Bir diğer yaklaşım, infüzyon şişesine antibiyotik koymadır ki, bizde yabancı cerrahlara göre çok daha az uygulanmaktadır. Bu oran bizde %2.70 iken, ASCRS cerrahları için 2014’de %8 (2007’de %15 imiş), ESCRS cerrahları için 2013 anketinde %20 (2009’da %23) ’dir. Bu konuda da ülkemiz cerrahlarının büyük oranda doğru tercihde bulunduklarını görüyoruz. İrrigasyon şişesine antibiyotik ilavesi ile sağlanan  ön kamara konsantrasyonlarının sadece 8-20 mcg/ml. olduğu, irrigasyon sırasında bakteri antimikrobial ajan karşılaşmasının yani kontakt zamanının tam olmadığı, hızlı yıkanma ile çok hızlı dilusyon sağlandığı yönünde bilgiler vardır. Ülkemizden Sn. Sobacı’nın irrigasyon sıvısı içine konan antibiyotiklerle (Vankomisin ve Gentamisin) yaptığı 2003 tarihinde yayınlanan çalışmada da endoftalmi gelişimi açısından konmayan olgularla istatistiki fark göstermediği rapor edilmiştir. Anketlerde genellikle irrigasyon sıvılarına katılan antibiyotiklerin vankomisin ve gentamisin olduğu görülmektedir. Bu noktada aminoglikozid grubu antibiyotiklerin makuler infarkt risklerinden bahs etmek gerekir. Son olarak; Amerikan Oftalmoloji Akademisi (AAO-CDC 1999) ile Hastalıkları Kontrol Merkezi (1995) gibi bazı kuruluşların da irrigasyon sıvılarına antibiyotik konulmasını tavsiye etmedikleri bilinmektedir.
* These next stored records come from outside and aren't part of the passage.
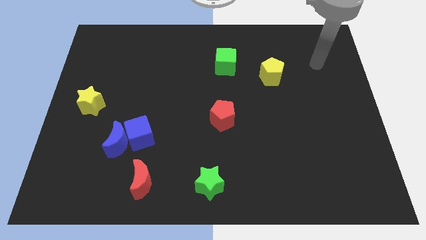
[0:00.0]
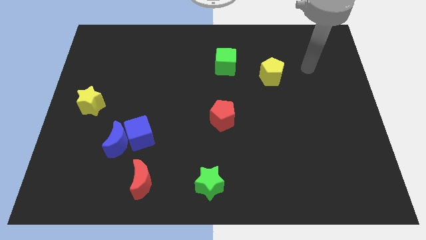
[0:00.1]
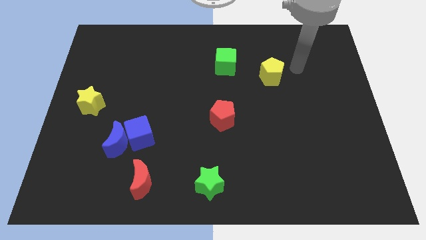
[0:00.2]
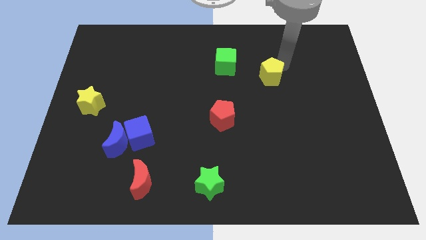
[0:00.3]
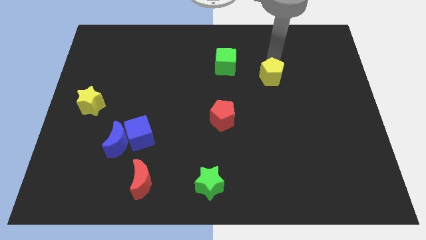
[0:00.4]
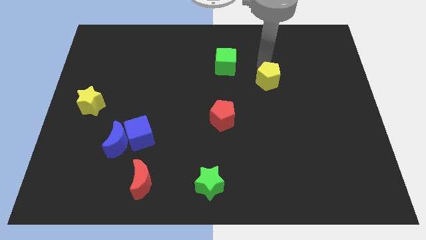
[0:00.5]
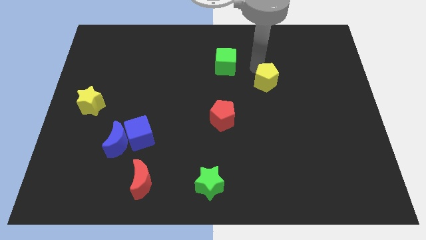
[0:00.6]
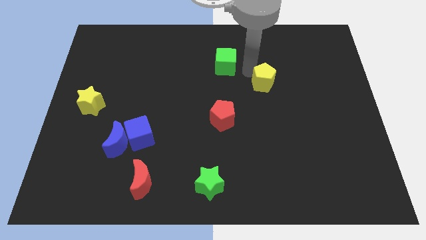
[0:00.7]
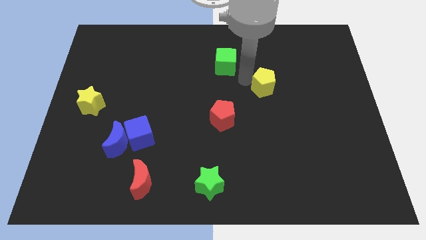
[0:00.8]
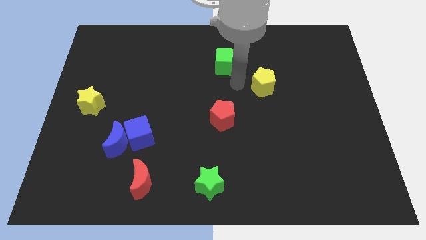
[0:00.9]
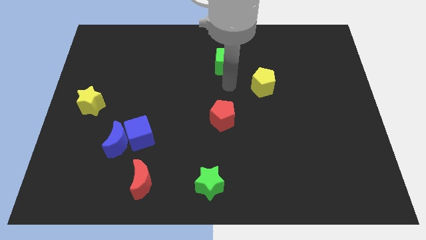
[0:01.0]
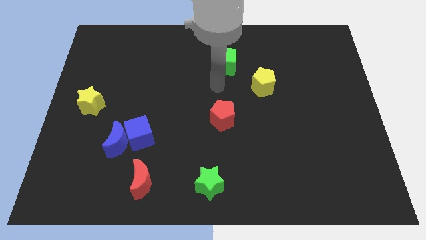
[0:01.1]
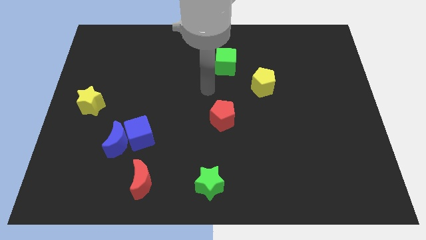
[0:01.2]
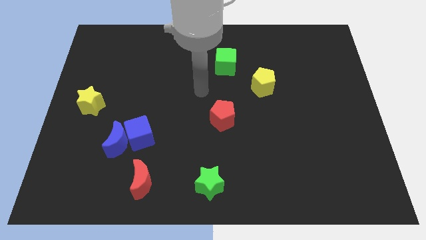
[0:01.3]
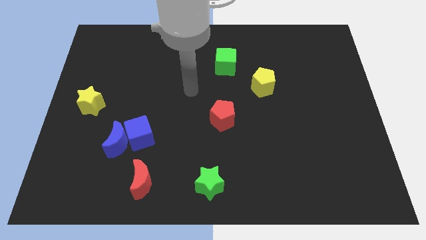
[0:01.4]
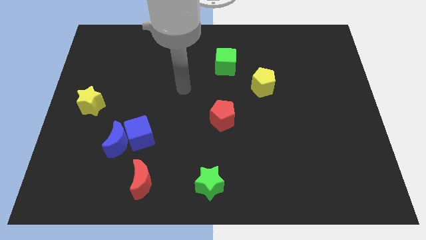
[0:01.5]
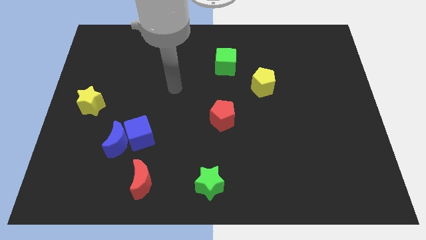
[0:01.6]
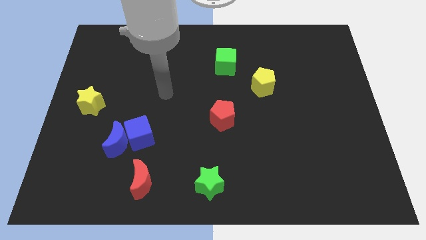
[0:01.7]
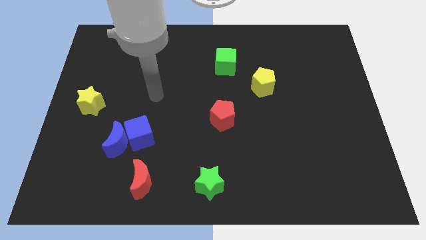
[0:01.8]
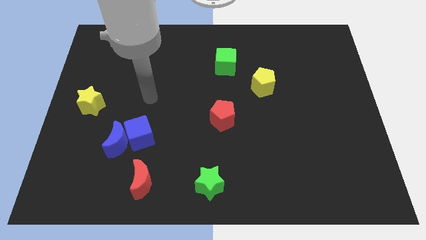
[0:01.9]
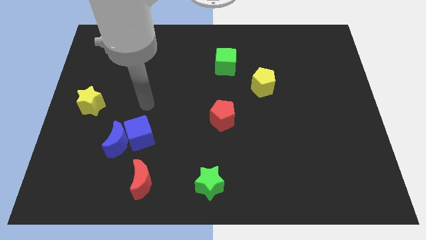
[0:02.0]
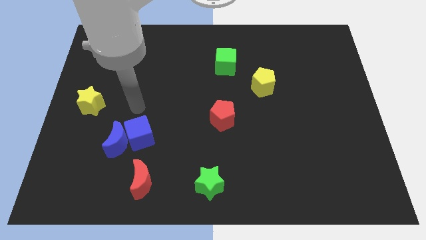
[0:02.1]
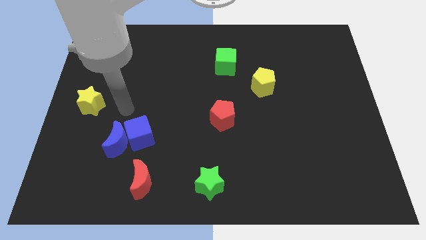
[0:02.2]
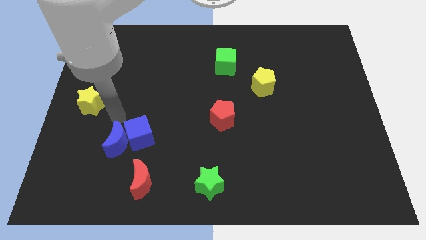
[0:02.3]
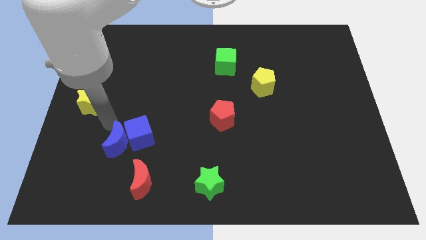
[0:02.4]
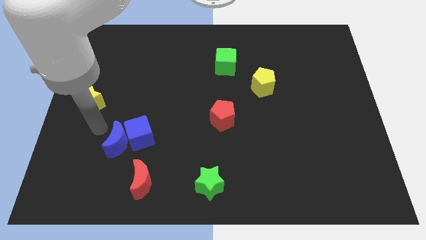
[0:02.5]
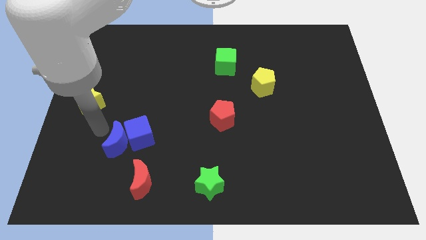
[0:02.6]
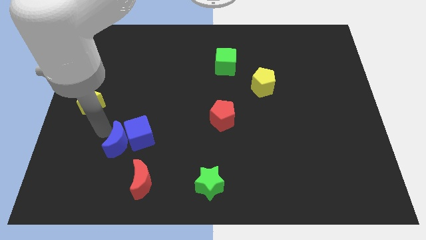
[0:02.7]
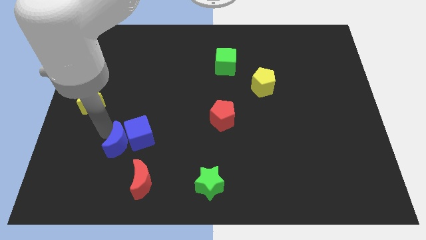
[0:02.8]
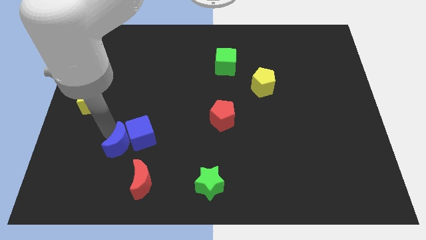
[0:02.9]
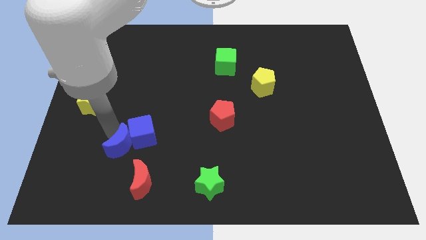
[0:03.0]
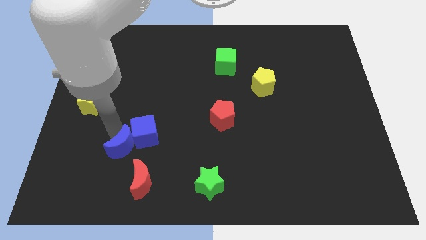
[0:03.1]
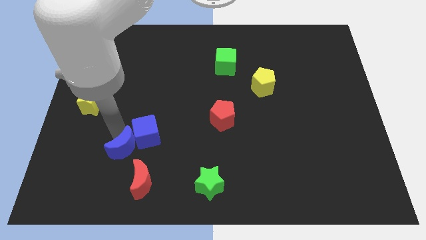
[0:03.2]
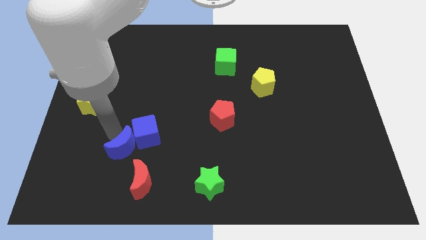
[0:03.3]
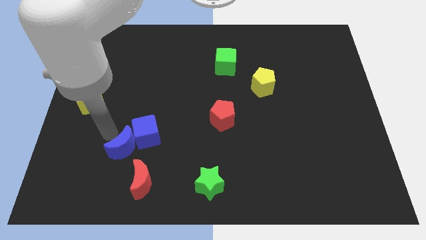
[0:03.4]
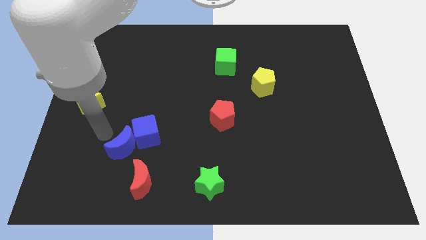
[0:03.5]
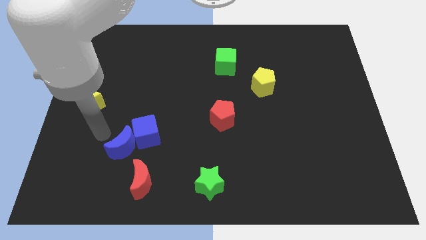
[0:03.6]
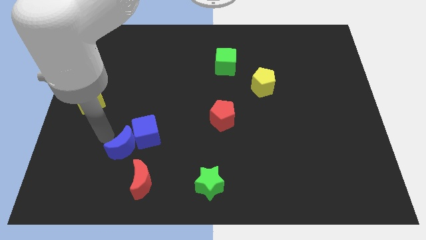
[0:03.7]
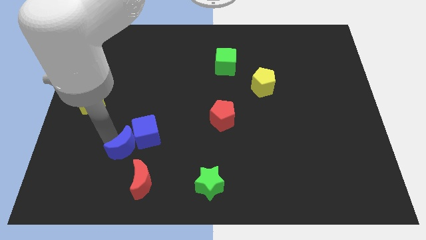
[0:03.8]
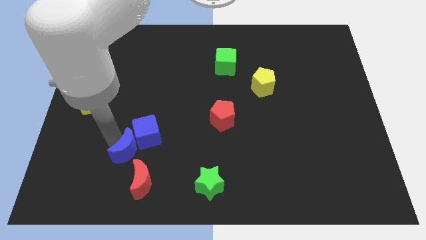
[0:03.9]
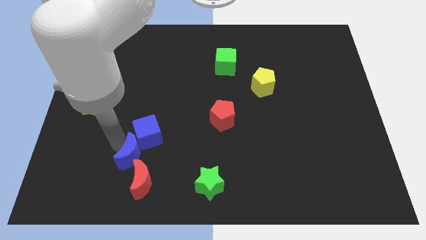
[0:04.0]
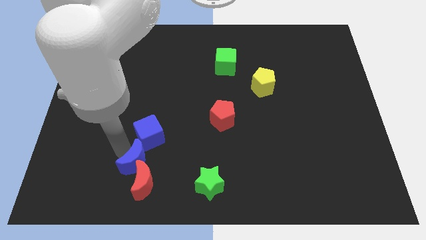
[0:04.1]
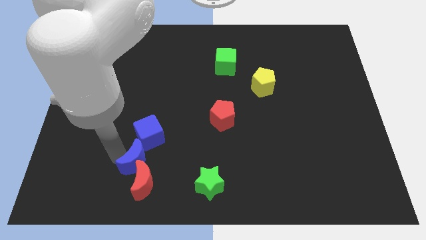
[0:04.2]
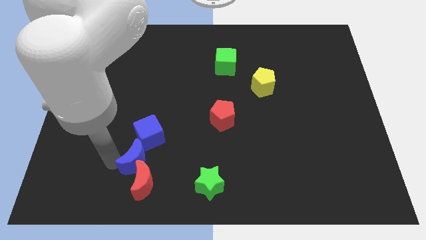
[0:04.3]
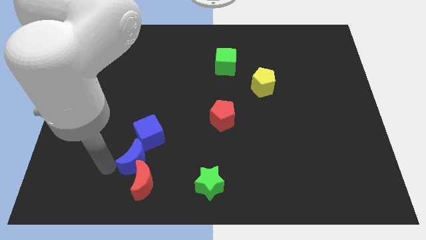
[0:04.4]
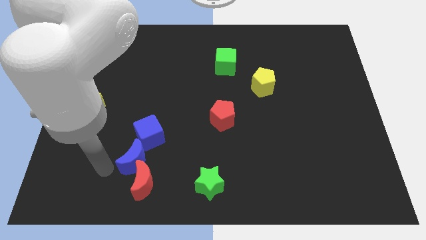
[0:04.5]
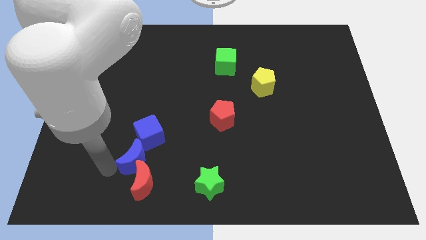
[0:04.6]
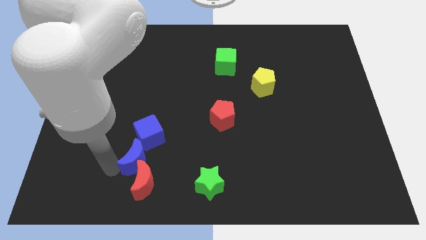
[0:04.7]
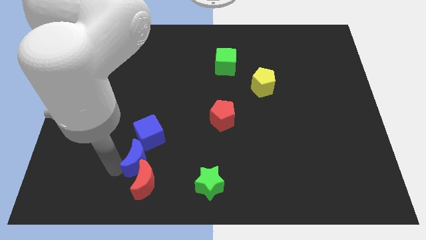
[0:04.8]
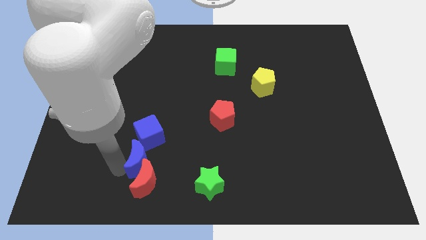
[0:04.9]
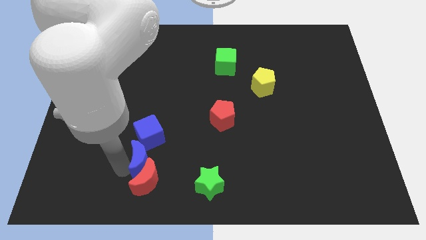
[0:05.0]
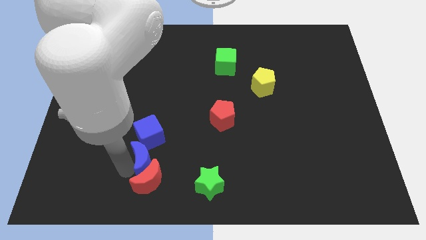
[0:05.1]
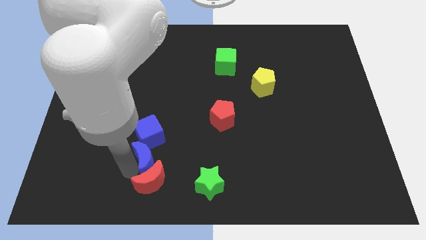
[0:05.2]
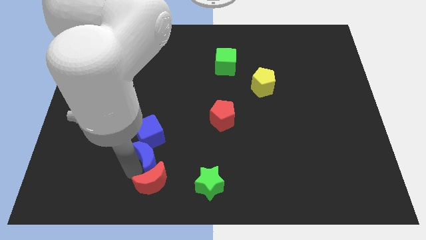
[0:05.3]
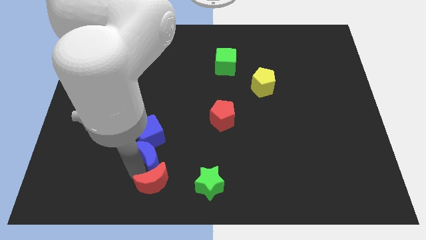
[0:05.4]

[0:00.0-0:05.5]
push the blue moon right a little

Ocak 2015 anketimizi hepsi bir arada yorumladığımızda ülkemizde endoftalmi profilaksisi anlamında çok doğru bir noktada ilerlediğimizi mutlulukla tespit edebiliriz. Görülen tek sorun kanımca perioküler enjeksiyon oranının yüksek oluşudur. Konuya biraz daha bilinçli baktığımızda bu oranında azalarak kaybolacağını düşünüyorum.

 

Not: Yazıda, Ocak 2015 tarihli TOD Katarakt ve Refraksiyon Cerrahisi Birimi anket sonuçlarından ve 2013 tarihli Peter Barry, Luis Cordovés, Susanne Gardner tarafından hazırlanan, Dr. Süleyman Kaynak ve Dr. Rukiye Aydın tarafından Türkçeye aktarılan “ESCRS Guidelines for Prevention and Treatment of Endophthalmitis Following Cataract Surgery: Data, Dilemmas and Conclusions” isimli kaynaktaki verilerden yararlanılmıştır.